By Paul Monkhouse
David Coverdale once intoned on Whitesnake’s ‘Walking in the Shadow of the Blues’, “I love the blues, they tell my story”. The truth is that sometimes we all get the blues, the feelings distilled into three or four minutes of a song encapsulating something as old as time itself. Joanne Shaw Taylor understands this, her stock rising as she hones her skills from album to album, tour to tour. It’s in this latter medium that she really shines brightest, that connection with the audience something that goes beyond entertainment and into the soul, her heart put into every ringing note of her guitar.
Before the evening’s main event, support act Jon Allen strolled onstage, armed only with an acoustic guitar and a fulsome back catalogue hewn from his five albums. With his easy-going attitude, natural storytelling and a whisky-soaked roughness to his voice, Allen displayed a beguiling quiet charisma from the off. There’s something warm here and whether he played the traditional acoustic blues of ‘Bad Penny’ or the Calypso shuffle of ‘Happy Now’, his cracked vocals particularly full of a pain and longing in the latter, everything is an invite into his world. When he played ‘I’m Already Gone’ you feel you’re sat there next to him in a bedsit in some nondescript town, its pastoral folk conjuring images and memories from the ether.
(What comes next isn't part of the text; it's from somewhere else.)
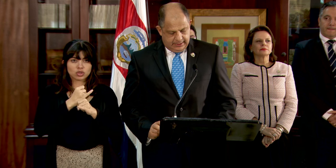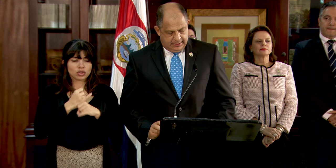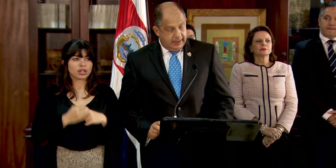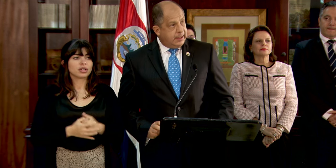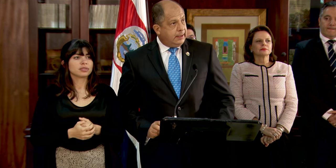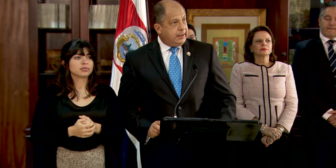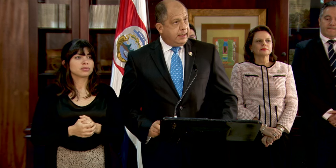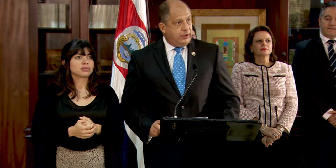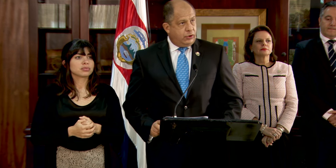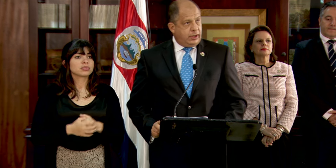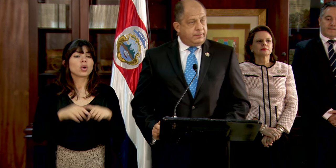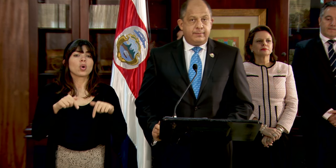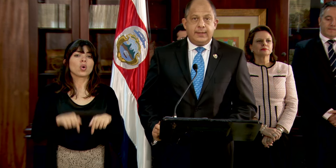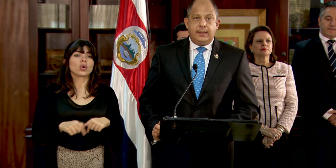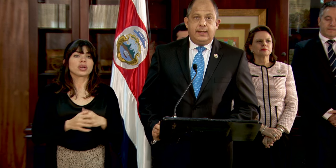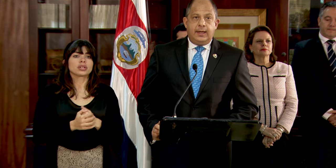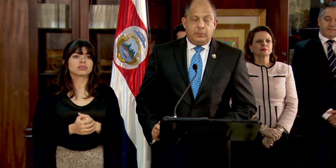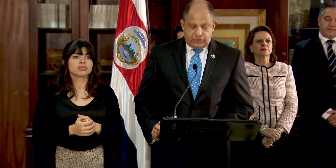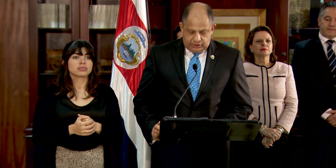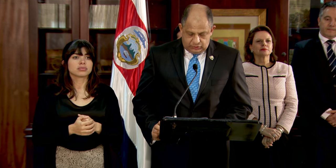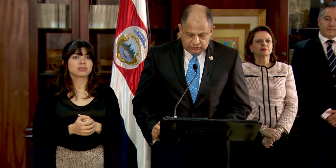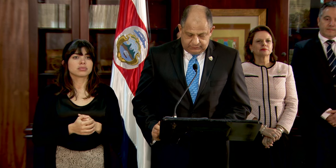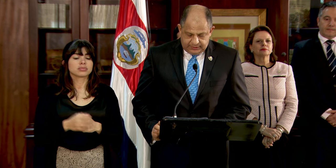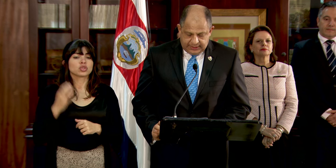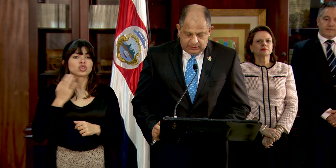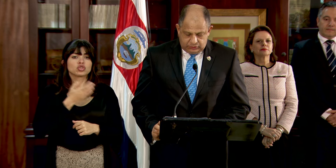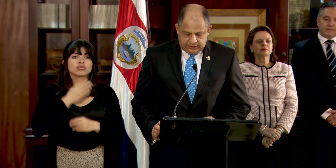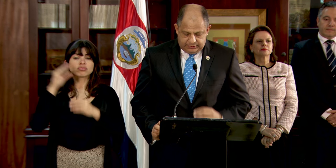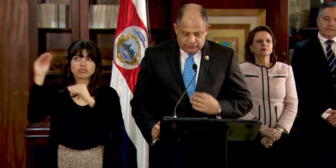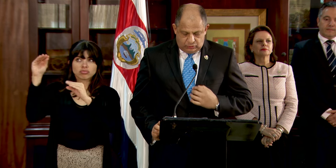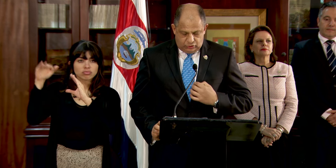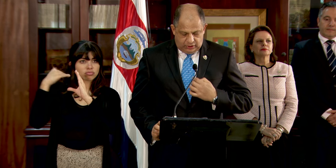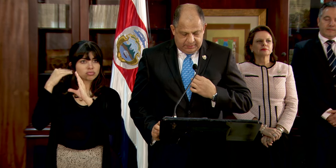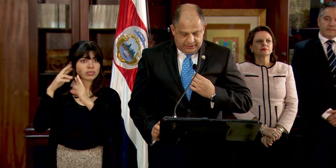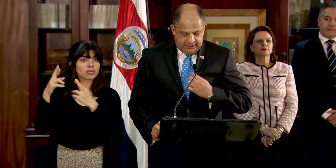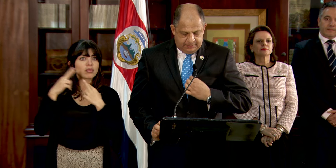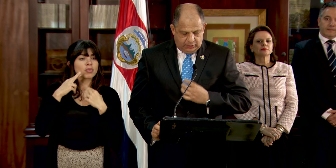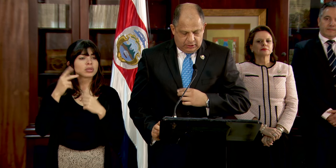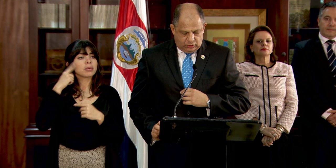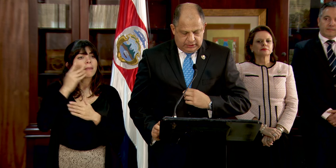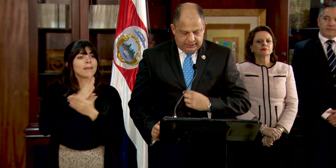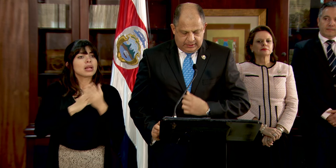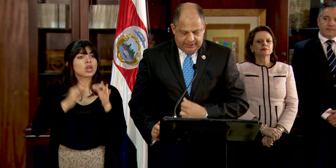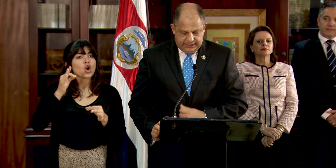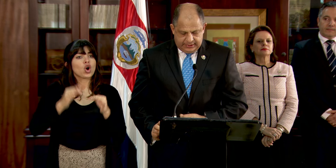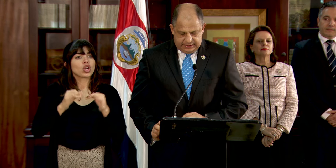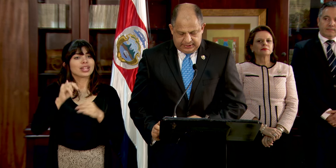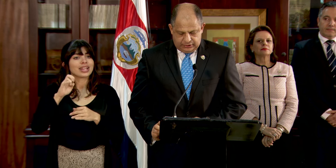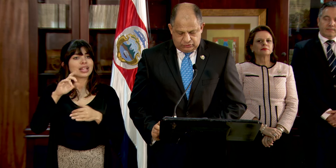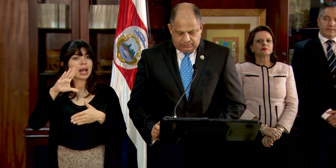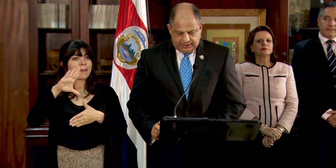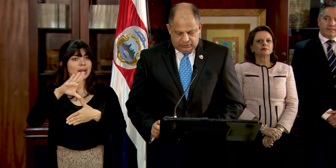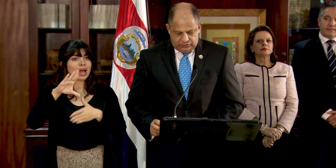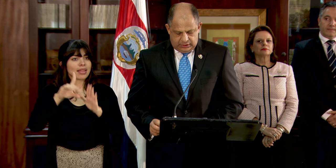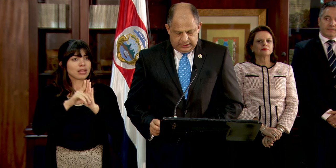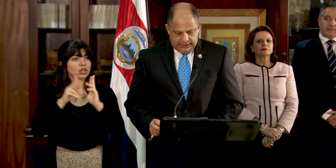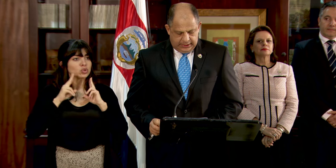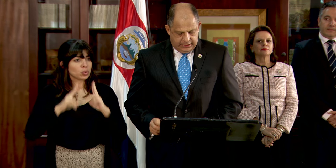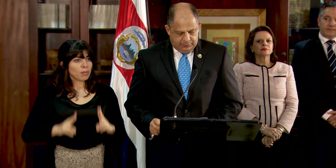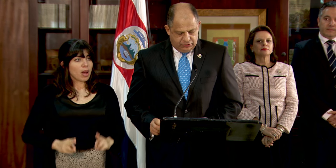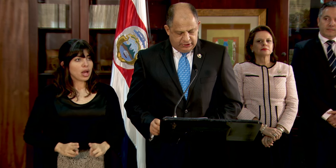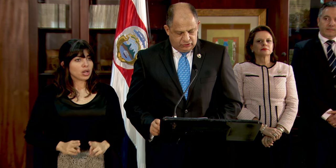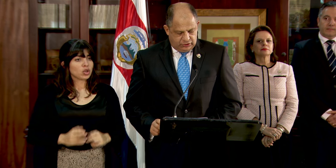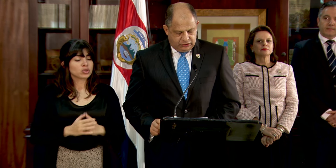El día de hoy hemos sido notificados de la resolución emitida por la Corte Interamericana de Derechos Humanos

There’s a sweetness and beauty in ‘Take Me to Heart’ and ‘No One Gets Out of Here Alive’ revels in a subtly sinister atmosphere, the two highlighting his ability to subtly change moods with the most delicate of inflections or chord changes. Allen can also claim the prize for best lyric of the evening in “I’ve seen things that would make the Laughing Cavalier depressed” during the Mark Knopfleresque ‘I’m Just Lucky I Guess’. With a set ending in loud applause and a long queue waiting to meet him at the merchandise table, the night was certainly a positive one for the singer songwriter.
Breaking into the opening notes of Fleetwood Mac’s ‘Stop Messin’ Round’, Joanne Shaw Taylor was all smiles, the strident stomp driven by the whipcrack drums of Eric Savage and Steve Lehane’s weaving bass. Always cited as an influence of hers, her guitar tone sings the same way that Stevie Ray Vaughn’s did and it was a glorious reminder of the King of Texas Blues. ‘I Want You to Love Me’ is shot through with some nice touches of late 60’s styled fretwork by second guitarist Joseph Spina, his playing perfectly complementing Taylor as the two give each other the space to add their own colours to the mix.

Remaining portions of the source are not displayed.